Pussy, Pussy Galore. Who were you expecting?
Part 3 in a 24 part series of secret agent ‘research‘, this is my third 007 film review. If you missed my last, you can read my review of 1963′s From Russia with Love.
Google ‘best bond movie’ and you’ll get a variety of opinions. Purists will tell you From Russia with Love (FRWL) is the superior film. And it’s no doubt in the top five. Contrarians will claim On Her Majesty’s Secret Service deserves consideration. Certainly George Lazenby was a more than serviceable one-time Bond. And the conclusion was a dour and emotional scene that is unparalleled in over twenty films. But we both know it’s Goldfinger don’t we? Of course we do.
Truth be told we owe a lot to FRWL. The second installment gave us Desmond Llewelyn as Q and our first proper Q branch briefing. It gave us Lois Maxwell as Money Penny. FRWL built the foundation that is Bond, but it’s Goldfinger where the brand was born. It’s Goldfinger you show your kids so they understand the soul and swagger of the genre.
What is it about Goldfinger that elevated the series? It starts with exceptional villains. Every good spy thriller has equal parts cat and mouse; good and evil. As good as FRWL was, its noteworthy villains were really just henchmen; extraordinary henchmen mind you, but certainly not criminal masterminds. While the specter of Blofeld loomed throughout the movie (see what I did there?), the lack of interplay with Bond starved the audience of what it always wants – a clash of the titular titans.

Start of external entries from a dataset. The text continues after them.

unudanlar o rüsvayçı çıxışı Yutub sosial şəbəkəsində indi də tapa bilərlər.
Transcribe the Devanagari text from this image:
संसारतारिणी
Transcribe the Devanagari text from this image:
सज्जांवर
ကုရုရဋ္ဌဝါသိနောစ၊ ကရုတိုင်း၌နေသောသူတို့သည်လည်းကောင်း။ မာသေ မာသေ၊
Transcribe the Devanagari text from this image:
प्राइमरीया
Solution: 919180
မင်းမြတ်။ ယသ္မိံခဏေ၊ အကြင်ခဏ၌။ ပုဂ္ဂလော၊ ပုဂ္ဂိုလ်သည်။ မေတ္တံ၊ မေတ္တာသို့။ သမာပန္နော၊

Keeping the villain behind the curtain is like seeing your favorite prizefighter in a tune-up match. To truly be the best, you have to beat the best. Otherwise, what the hell was Carly Simon singing about? No, not Warren Beatty. The other one.
When you want the perfect villain you cast a German actor best known for playing a pedophile – and they found their man in Gert Frobe. What Cubby and director Guy Hamilton didn’t know when they flew Frobe in for a casting call is that he didn’t speak English. One thinks someone would have checked this. Undeterred they loved what he brought to the role and decided to dub him in post production after several failed attempts speaking his lines in English. What’s alarming is that if you’re not paying attention they actually get away with it.

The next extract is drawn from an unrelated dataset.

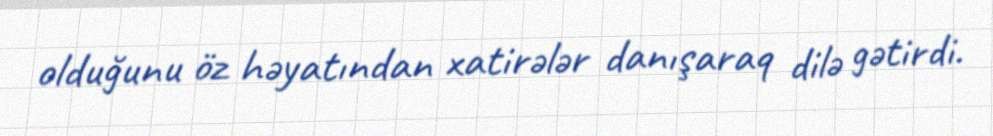
olduğunu öz həyatından xatirələr danışaraq dilə gətirdi.

Gert nailed the part; bringing an arrogance and ruthlessness to the role that contrasted perfectly with his thin, but affable veneer. At a glance he looks like the kind of guy you’d see fastidiously washing glasses at an Irish bar. Upon closer inspection he’s more likely to strip you down and paint you head to toe in gold paint until your skin suffocates. Of note, skin doesn’t actually breathe, but it sure plays well as a deadly kink. I’m betting his safe-word is bullion.
Goldfinger is no slouch in the henchmen department either; offering up two of the best in the series. And henchman (hench-woman?) doesn’t exactly do a pilot and judo expert like Honor Blackman’s Pussy Galore justice.

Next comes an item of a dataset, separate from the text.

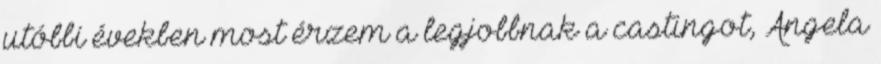
utóbbi években most érzem a legjobbnak a castingot, Angela

She’s the ultimate femme fatale; initially Bond’s doom and later his salvation. The secret was in the casting. Blackman, the oldest of all Bond girls at the ripe age of 39, was already a star from the British TV series The Avengers. To quote producer Cubby Broccoli: “It was Guy Hamilton who suggested Blackman to play Galore. All her crinkly leather action and shoulder-thows she did on the Avengers virtually clinched it for her to tussle with James Bond.” Pussy was beautiful, stylish, smart, and dangerous – every bit Bond’s equal.
Naming a character ‘Pussy’ wasn’t without controversy. The producers considered renaming her to “Kitty” but managed, with a spot of ‘wining and dining’ to get the name past censors. The obvious double entrendre also fostered what became a time-honored tradition for female characters including – Plenty O’Toole (my personal favorite), Dr. Goodhead, Octopussy, and Xenia Onatopp. In a fine send-up Bond girl names were expertly lampooned in two Austin Powers films with Alotta Fagina, Ivana Humpalot, and Felicity Shagwell.
Goldfinger didn’t have Pussy alone mind you. He had the assistance of a Korean Olympic weight lifter Harold Sakata – known as Odd Job. While Odd Job’s name implied a versatility of talent, he did little other than caddy and kill people. I imagine if you’re an eccentric madman hell-bent on controlling the world’s gold supply, these are important attributes in a servant. Odd Job was a man of one word (seriously, one), but like many henchmen that would follow had a certain flair about his weapon of choice- a razor lined bowler hat. Not exactly what Rene Magritte had in mind.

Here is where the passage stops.